What

Before the War (Feb 2026)

Now (May 2026)

Brent crude oil

~US$67/barrel

~US$95–100/barrel (peak: US$126)

Petrol at the pump

~$1.65/litre

~$1.93/litre (post-excise cut)

Diesel at the pump

~$1.90/litre

$2.75–$3.00+/litre

Australian headline inflation

~3.2%

4.6% (12 months to March 2026)

Business insolvencies

Baseline

+16% year-on-year (Jan 2026)

Strait of Hormuz

Open

Effectively closed for 75+ days

If your operating costs have jumped in the last three months, this is why.

On 28 February 2026, the United States and Israel launched military strikes against Iran. What followed wasn't just a geopolitical event happening somewhere far away. It was the beginning of a supply shock that is hitting every Australian business paying for fuel, freight, food or finance.

Here is what's actually happening, what it means for your business right now, and what you can do about it.

What Is the Strait of Hormuz and Why Does It Matter to You?

The Strait of Hormuz is a 54-kilometre-wide shipping channel on Iran's southern border. Through it flows approximately 20% of the world's traded oil and 25% of global LNG — every single day.

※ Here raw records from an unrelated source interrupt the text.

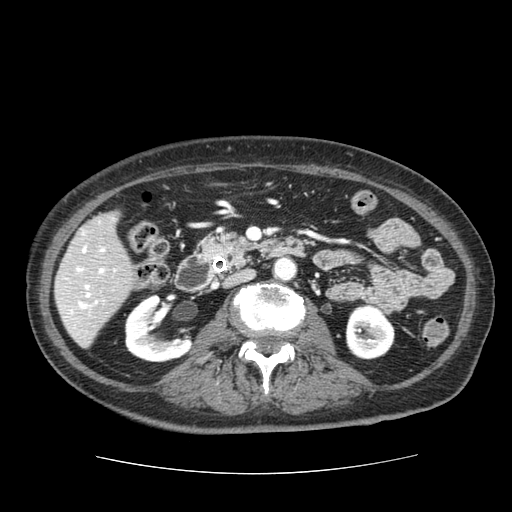 CT | Abdomen
Findings:
* pancreas: <box>197,234,251,267</box>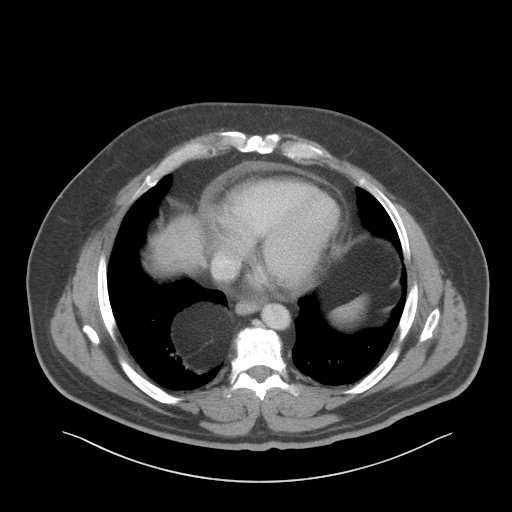
Liver; CT image
- liver: left=143, top=218, right=203, bottom=281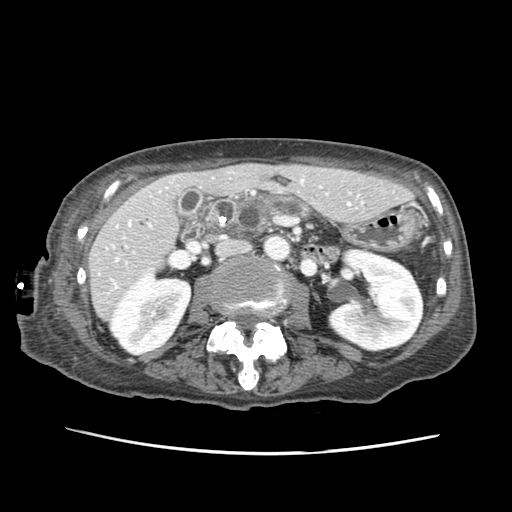 CT slice
The pancreas appears at box=[234, 195, 310, 232].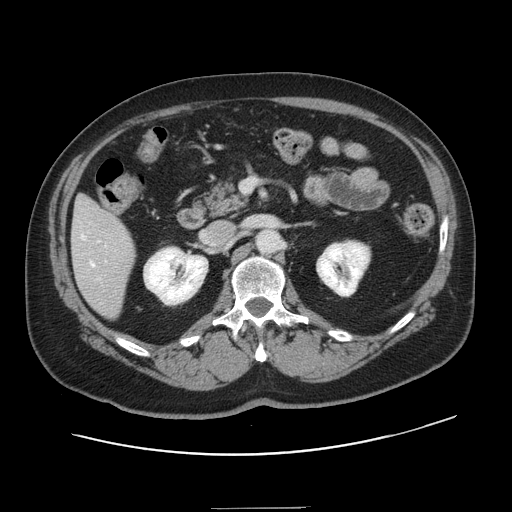

Computed tomography. Only some of the vessels may be annotated.
Hepatic vessel at x1=90, y1=261, x2=94, y2=266; x1=81, y1=235, x2=85, y2=239.
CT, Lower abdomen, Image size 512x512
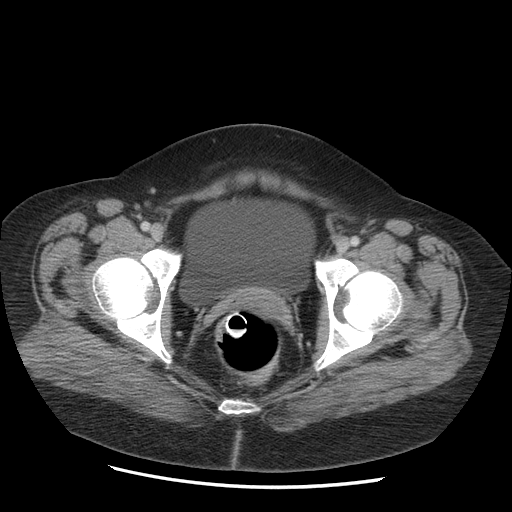 urinary_bladder:
  - <bbox>181, 197, 314, 301</bbox>
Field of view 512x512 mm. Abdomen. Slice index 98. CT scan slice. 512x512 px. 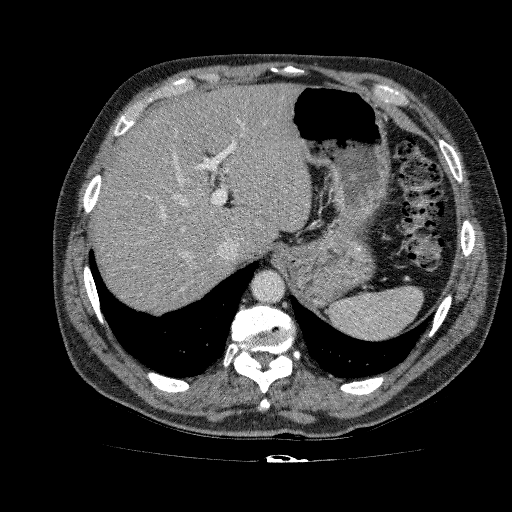 The liver lies within 90:83:310:314.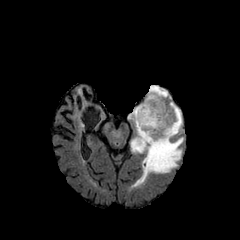
FLAIR MR.
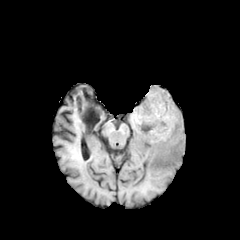
Same slice, T1-weighted MRI.
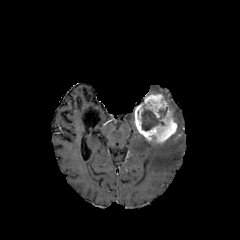
Same slice, post-contrast T1-weighted magnetic resonance.
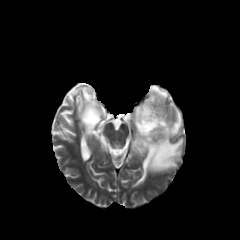
Same slice, T2-weighted MRI.
non-enhancing_tumor_core:
  - (x1=142, y1=106, x2=167, y2=130)
enhancing_tumor:
  - (x1=134, y1=93, x2=177, y2=143)
edema:
  - (x1=149, y1=85, x2=181, y2=135)
  - (x1=130, y1=130, x2=183, y2=185)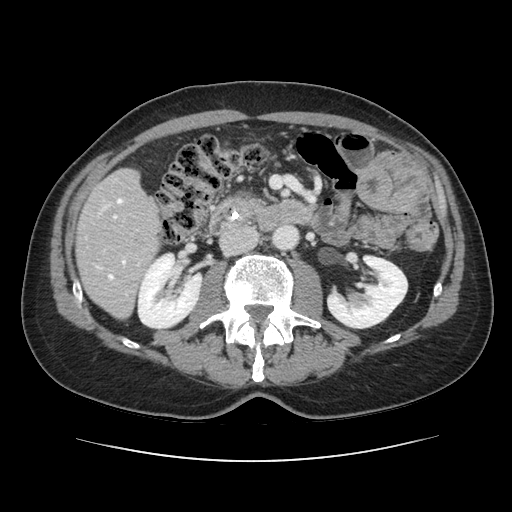 Computed tomography.

Pancreas: 234,195,258,214.

When Iran closed it in response to the US-Israel strikes, it didn't just disrupt Middle Eastern oil. It disrupted the supply of refined fuel to Australia. We are one of the world's most fuel-import-dependent economies. Australia imports approximately 90% of its liquid fuel. Only two refineries still operate domestically — Ampol's Lytton in Brisbane and Viva Energy's Geelong facility — and together they cover less than 20% of national demand.

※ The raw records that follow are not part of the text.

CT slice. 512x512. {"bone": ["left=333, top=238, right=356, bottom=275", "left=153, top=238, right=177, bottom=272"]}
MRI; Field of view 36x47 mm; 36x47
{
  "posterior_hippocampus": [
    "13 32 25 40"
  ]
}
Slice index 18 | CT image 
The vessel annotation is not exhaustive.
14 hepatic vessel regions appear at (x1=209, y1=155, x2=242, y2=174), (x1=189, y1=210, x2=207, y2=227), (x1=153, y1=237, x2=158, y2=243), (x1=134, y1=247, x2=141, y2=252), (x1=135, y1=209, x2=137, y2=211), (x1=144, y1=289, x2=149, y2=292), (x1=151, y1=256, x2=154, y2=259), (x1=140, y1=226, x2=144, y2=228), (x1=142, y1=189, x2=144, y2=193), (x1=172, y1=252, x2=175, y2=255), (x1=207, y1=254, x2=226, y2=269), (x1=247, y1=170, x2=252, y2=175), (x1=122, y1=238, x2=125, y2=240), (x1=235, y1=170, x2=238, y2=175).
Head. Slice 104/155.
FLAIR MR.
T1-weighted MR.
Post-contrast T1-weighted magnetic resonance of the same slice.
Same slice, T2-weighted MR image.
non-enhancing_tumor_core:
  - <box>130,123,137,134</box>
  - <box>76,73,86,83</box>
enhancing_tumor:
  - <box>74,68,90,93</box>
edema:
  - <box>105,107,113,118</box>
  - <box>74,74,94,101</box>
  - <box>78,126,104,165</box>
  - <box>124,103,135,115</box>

The rest comes from refining hubs in Singapore, South Korea and Malaysia. Those hubs depend on crude oil that moves through the Strait of Hormuz.

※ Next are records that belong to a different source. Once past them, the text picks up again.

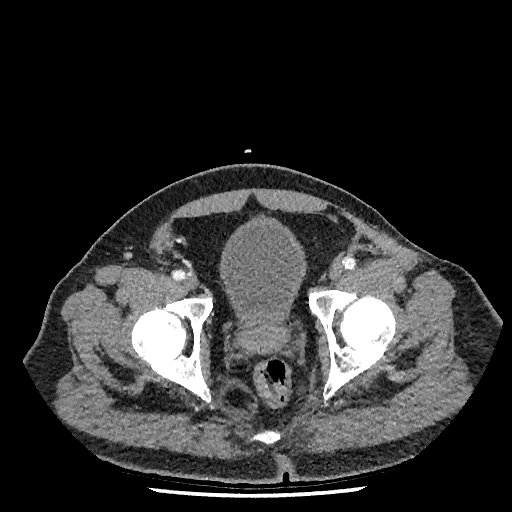 CT slice
The urinary bladder is bounded by left=218, top=220, right=307, bottom=324.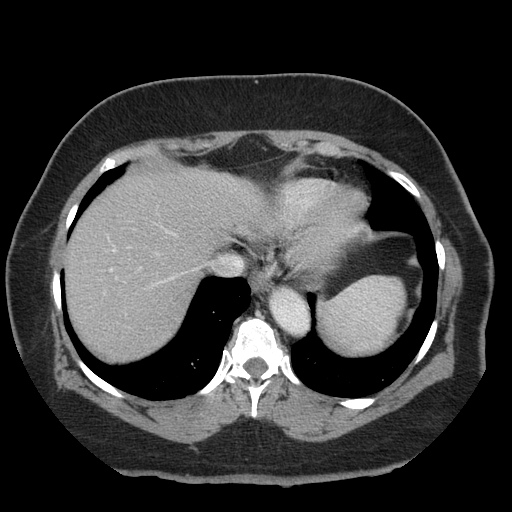
512x512 px, CT slice

Some hepatic vessels may have no box.
4 hepatic vessel regions are bounded by {"x1": 110, "y1": 269, "x2": 112, "y2": 271}, {"x1": 166, "y1": 231, "x2": 169, "y2": 232}, {"x1": 220, "y1": 258, "x2": 241, "y2": 268}, {"x1": 113, "y1": 247, "x2": 115, "y2": 251}.
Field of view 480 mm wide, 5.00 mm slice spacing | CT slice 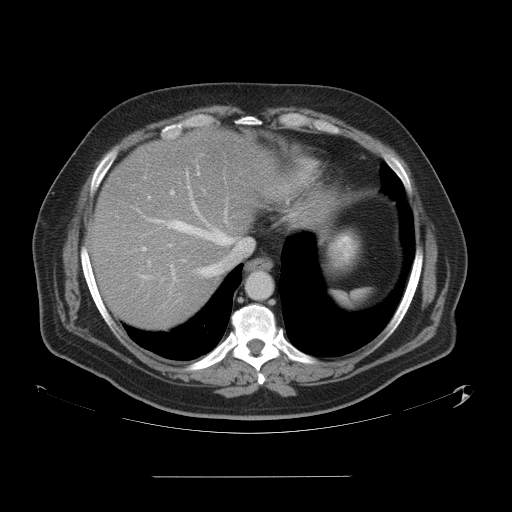

Only some of the vessels may be annotated.
{"hepatic_vessel": ["<box>169,244,171,246</box>", "<box>148,197,149,198</box>", "<box>197,172,199,175</box>", "<box>170,191,173,194</box>", "<box>224,207,227,222</box>", "<box>198,262,222,275</box>", "<box>138,274,151,279</box>", "<box>143,247,145,250</box>", "<box>167,220,235,245</box>", "<box>170,265,176,287</box>", "<box>161,278,163,280</box>", "<box>147,218,163,222</box>"]}

As of today, the Strait has been effectively closed for more than 75 days — the longest sustained closure in recorded history. The International Energy Agency has described this as the "largest supply disruption in the history of the global oil market" and the greatest energy security challenge in history.

That is not hyperbole. And it is landing directly on your bottom line.

How Much Has Fuel Actually Gone Up?

Before the war, Australians were paying around $1.65 per litre for unleaded petrol in Sydney. Diesel sat at roughly $1.90 per litre nationally.

By March 2026, the Australian Institute of Petroleum confirmed that national average petrol had reached 198 cents per litre — a 17-cent jump in a single week. Diesel wholesale prices peaked at over $3.20 per litre in early April.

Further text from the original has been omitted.